THE INTERSECTION OF ESTATE PLANNING AND DIVORCE
Think through the impact of your divorce on your estate plan, so that the two pieces work seamlessly together, instead of being at odds with each other.
Many times, people come into divorce with an estate plan that never addressed the potential for the marriage to come to an end before the death of one partner. Actually, the estate plan usually does address the potential for divorce, but it does so in “boilerplate” language, and the parties are often unaware of the impact. Estate planning lawyers do not typically talk about the possibility of divorce with the parties. In fact they often assume that if their clients were to divorce, their job would be to help the higher-earning or moneyed spouse cut the lower-earning spouse out of the estate.
Good estate planning for high net worth individuals and families often involves the use of trusts to avoid probate or minimize the taxable estate.

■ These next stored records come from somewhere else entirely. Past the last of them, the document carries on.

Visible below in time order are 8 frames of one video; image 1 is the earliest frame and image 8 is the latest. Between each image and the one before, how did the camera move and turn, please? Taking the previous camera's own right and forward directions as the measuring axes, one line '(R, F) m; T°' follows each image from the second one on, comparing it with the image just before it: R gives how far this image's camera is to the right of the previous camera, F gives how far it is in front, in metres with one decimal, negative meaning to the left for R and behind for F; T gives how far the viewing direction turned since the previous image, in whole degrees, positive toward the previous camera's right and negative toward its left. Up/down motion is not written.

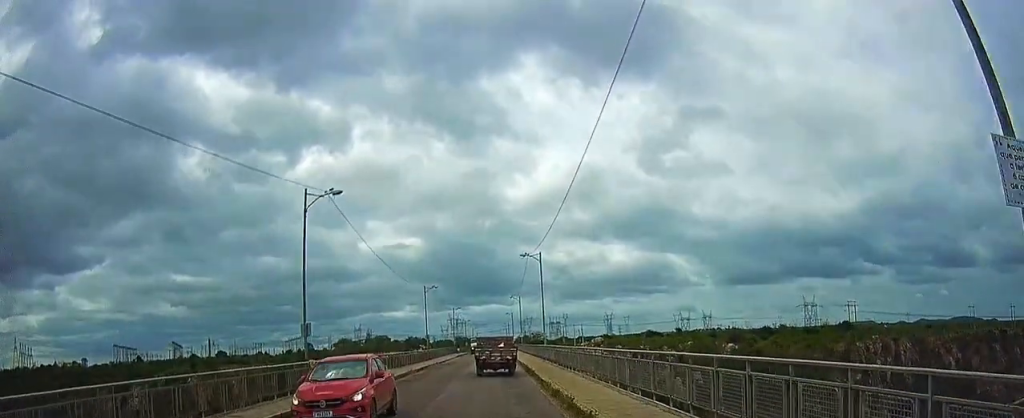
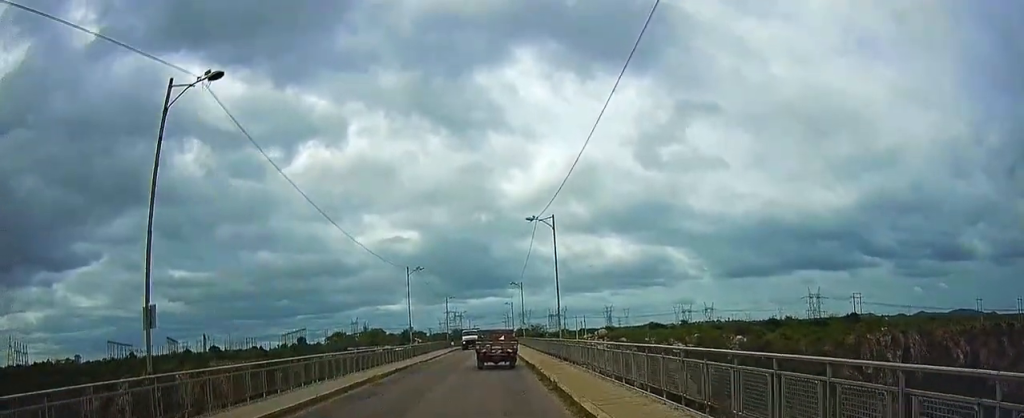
(+0.3, +12.2) m; +2°
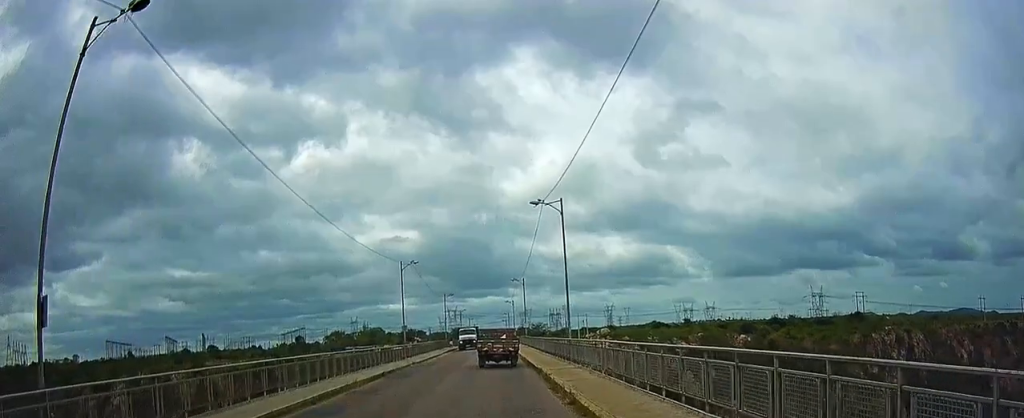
(0.0, +4.1) m; 0°
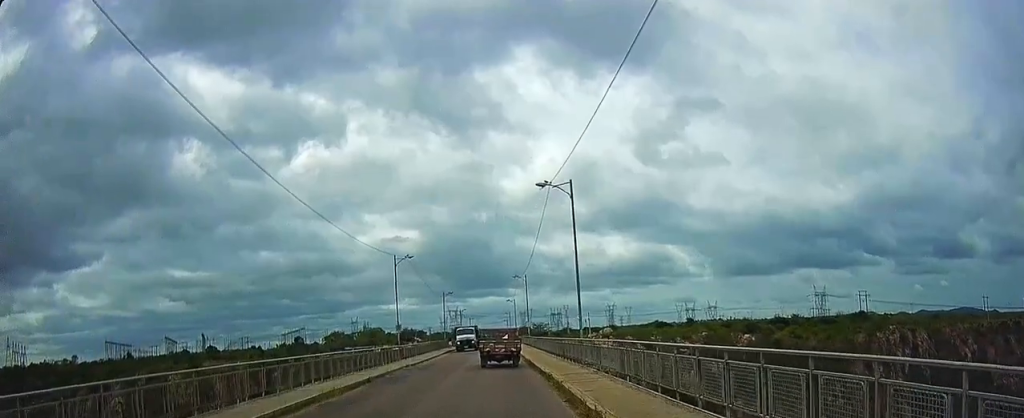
(0.0, +3.6) m; 0°
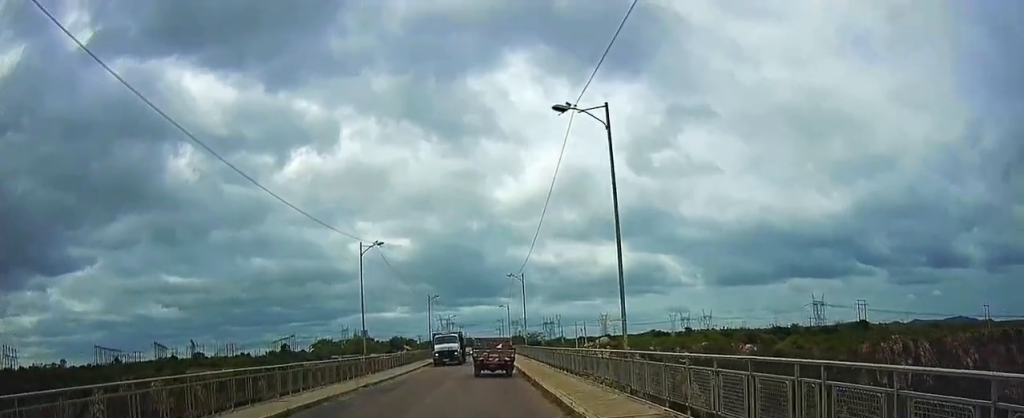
(-0.1, +9.9) m; 0°
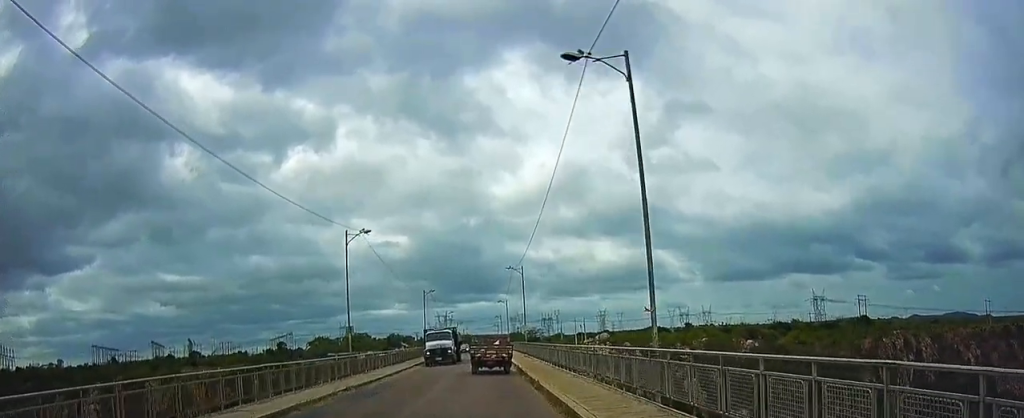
(0.0, +3.2) m; +1°
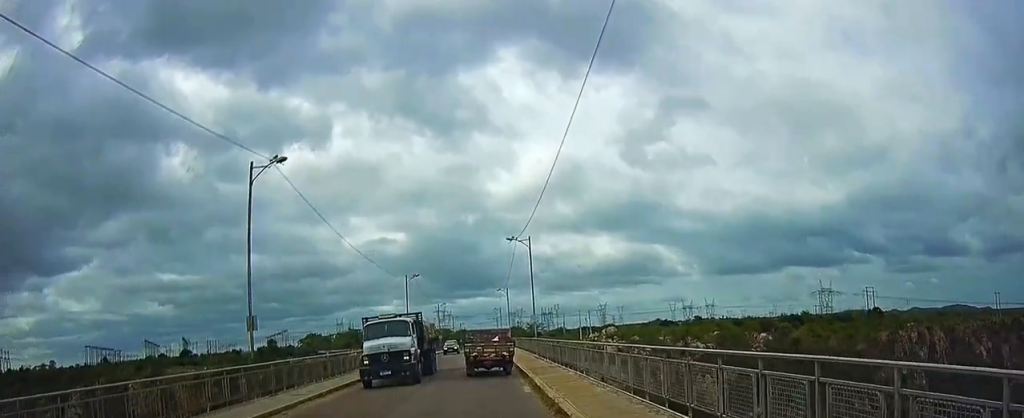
(+0.3, +13.4) m; +1°
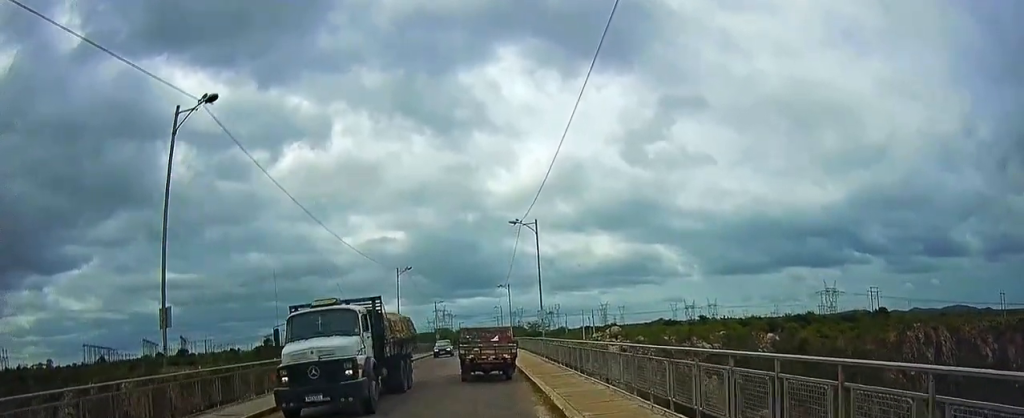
(-0.3, +5.8) m; +1°

For married people, these trusts almost always deal with the possibility of divorce, and yet in the hundreds of cases I have had involving a trust, not one person knew what the trust provided for in the event of divorce.

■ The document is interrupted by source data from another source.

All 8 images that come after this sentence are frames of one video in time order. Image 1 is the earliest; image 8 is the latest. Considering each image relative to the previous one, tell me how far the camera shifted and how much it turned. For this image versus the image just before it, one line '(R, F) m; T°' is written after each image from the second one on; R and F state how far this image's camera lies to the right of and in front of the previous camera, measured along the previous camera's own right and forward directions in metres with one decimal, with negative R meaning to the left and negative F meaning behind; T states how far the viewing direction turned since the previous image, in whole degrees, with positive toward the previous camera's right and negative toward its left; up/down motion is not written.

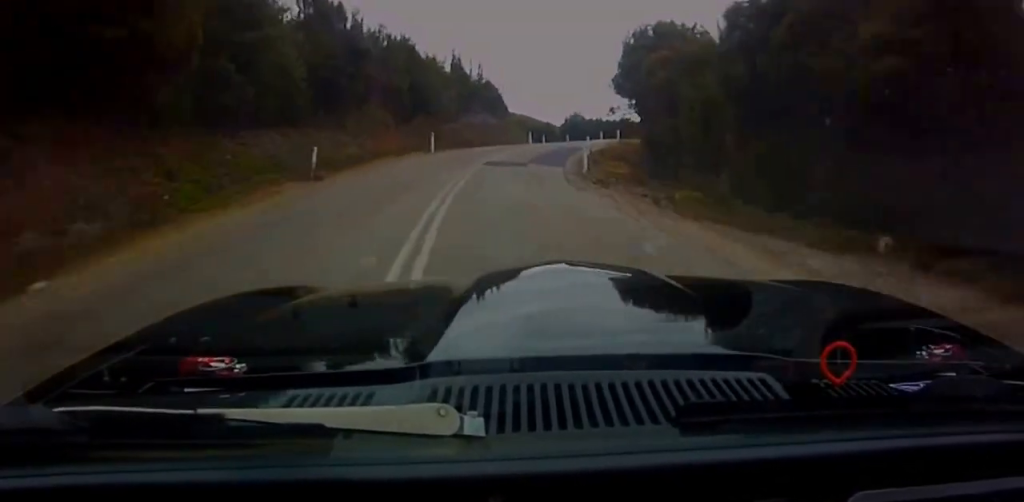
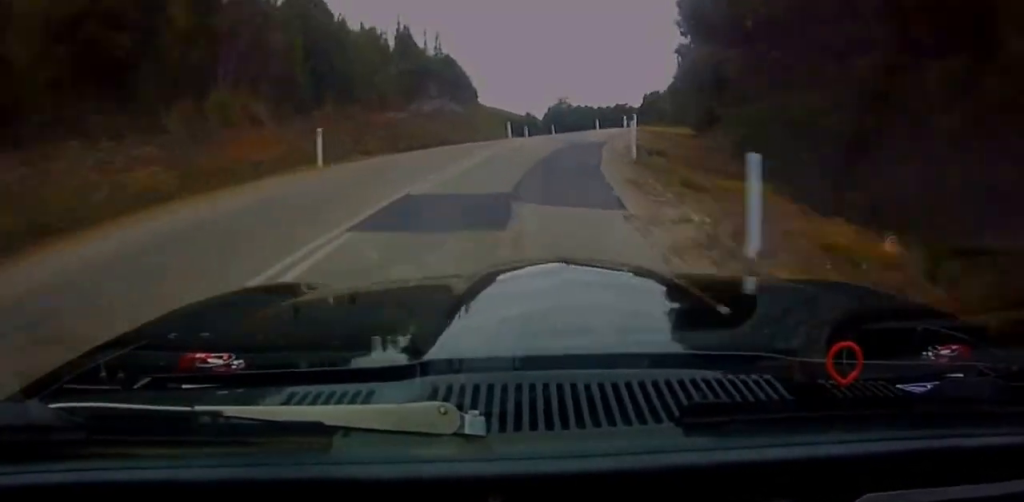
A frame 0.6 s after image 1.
(0.0, +16.1) m; 0°
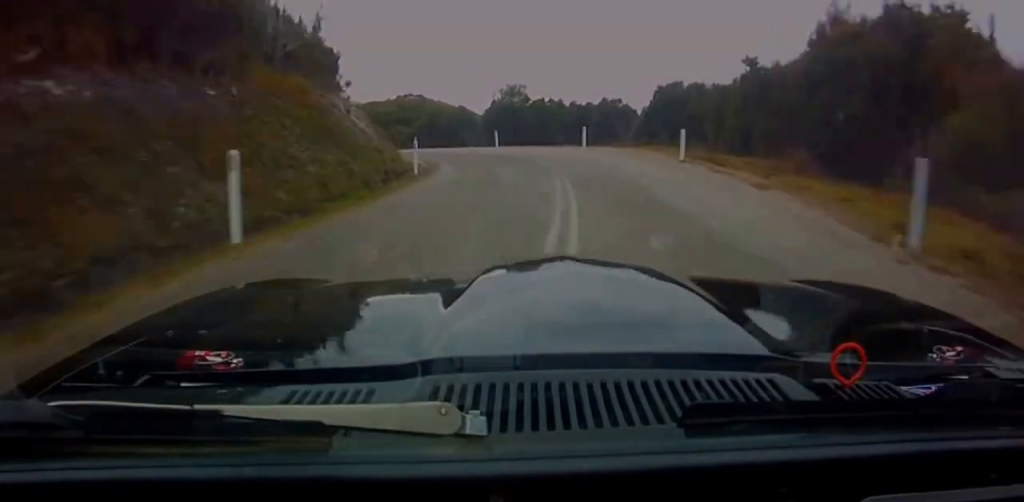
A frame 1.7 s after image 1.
(-0.4, +31.1) m; -6°
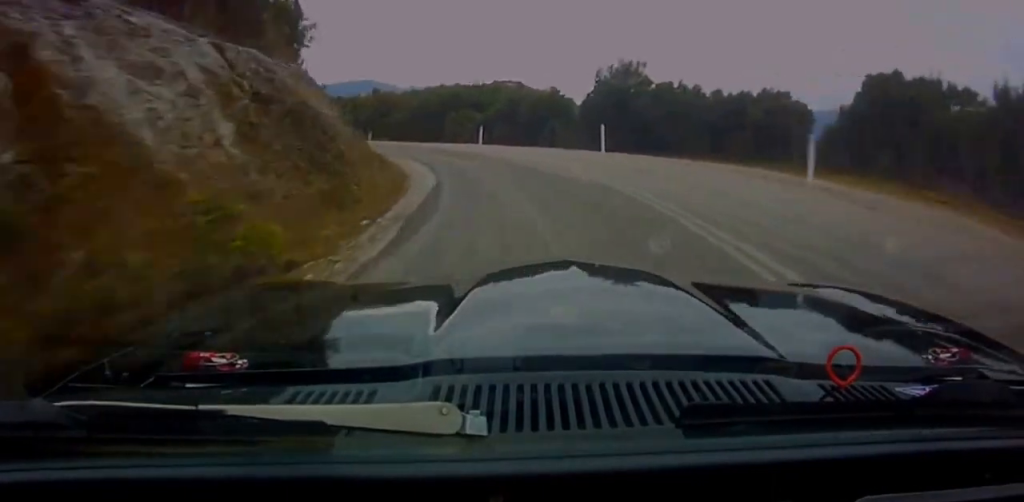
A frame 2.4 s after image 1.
(-1.3, +19.0) m; -6°
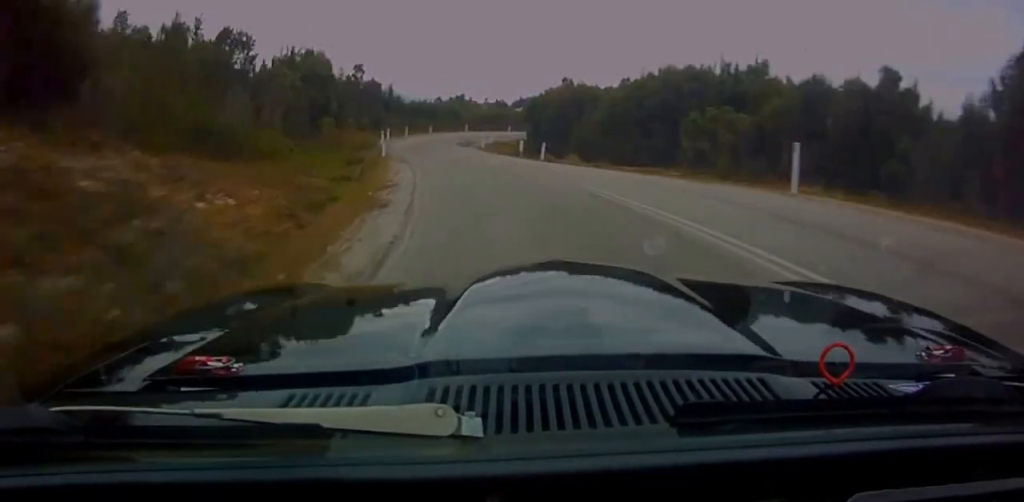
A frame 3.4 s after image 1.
(-1.8, +29.2) m; -10°
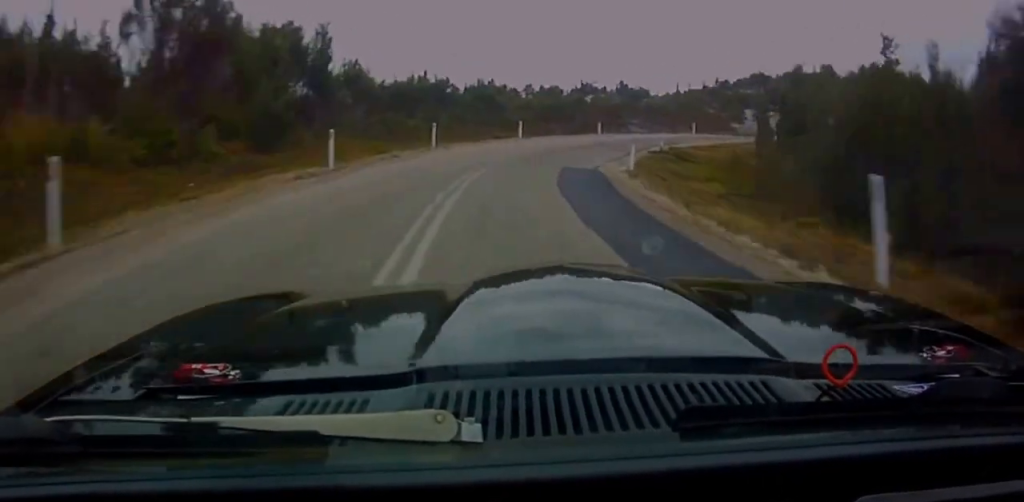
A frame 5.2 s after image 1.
(-2.2, +48.6) m; +4°
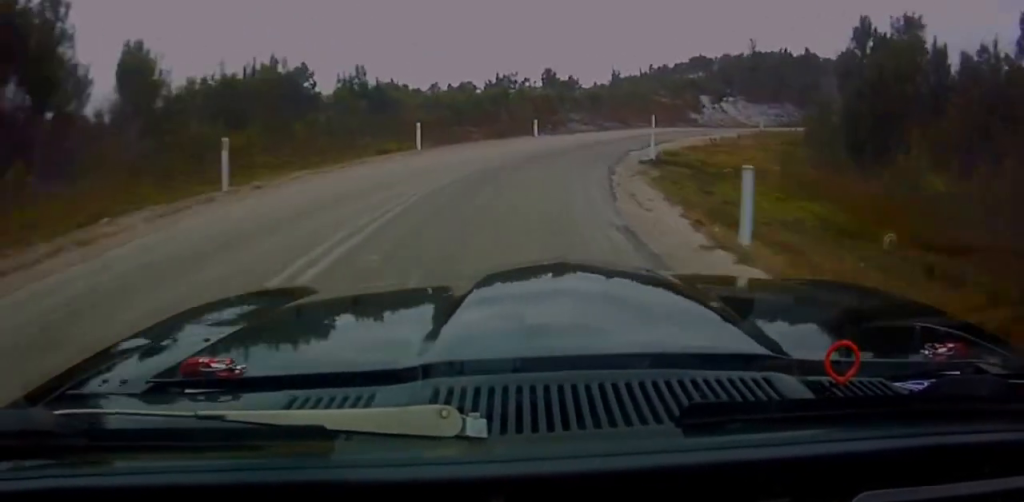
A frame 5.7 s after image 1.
(+0.7, +14.6) m; +7°
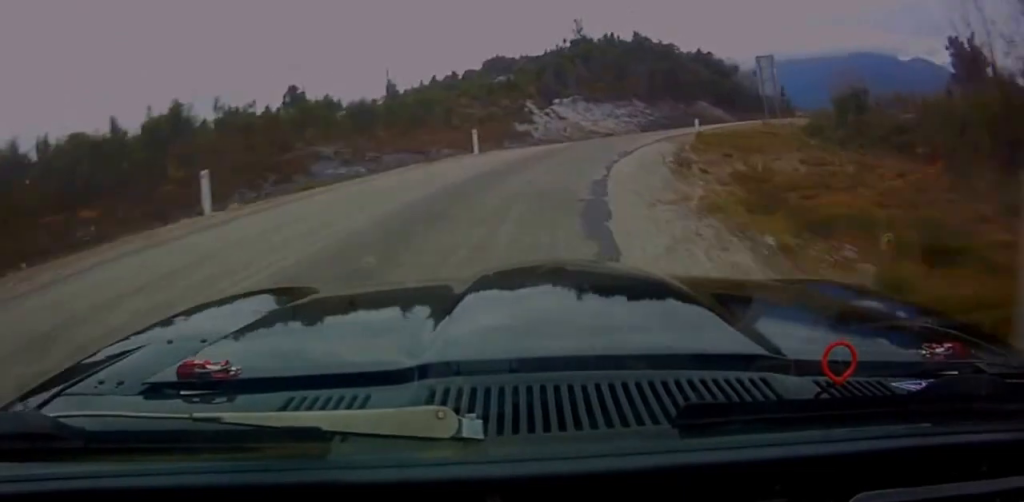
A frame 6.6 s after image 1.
(-0.2, +20.6) m; +19°

Some estate plans essentially act, in part, as postnuptial agreements, dividing and dictating the handling of assets in the event of divorce. Estate planning attorneys are not obliged to discuss those provisions with the parties together, as they would be if the issue at hand was a pre-nup or a post-nup.
I have had a number of cases where a significant portion of the marital assets have been transferred into a trust to avoid probate. The husband is often the grantor or creator of the trust and the wife is a beneficiary or trustee or both and is defined as a person “married to and living with the husband.” By the time they come to see me to figure out the terms of their divorce, they have actually separated in order to ease the tensions of their personal lives. Under the terms of the trust, which often owns a significant portion of their marital estate, the wife is no longer a beneficiary because she is no longer living with the husband.
It takes a tremendous amount of legal work, time and expense to undo such a clever plan because the possibility of divorce was never discussed.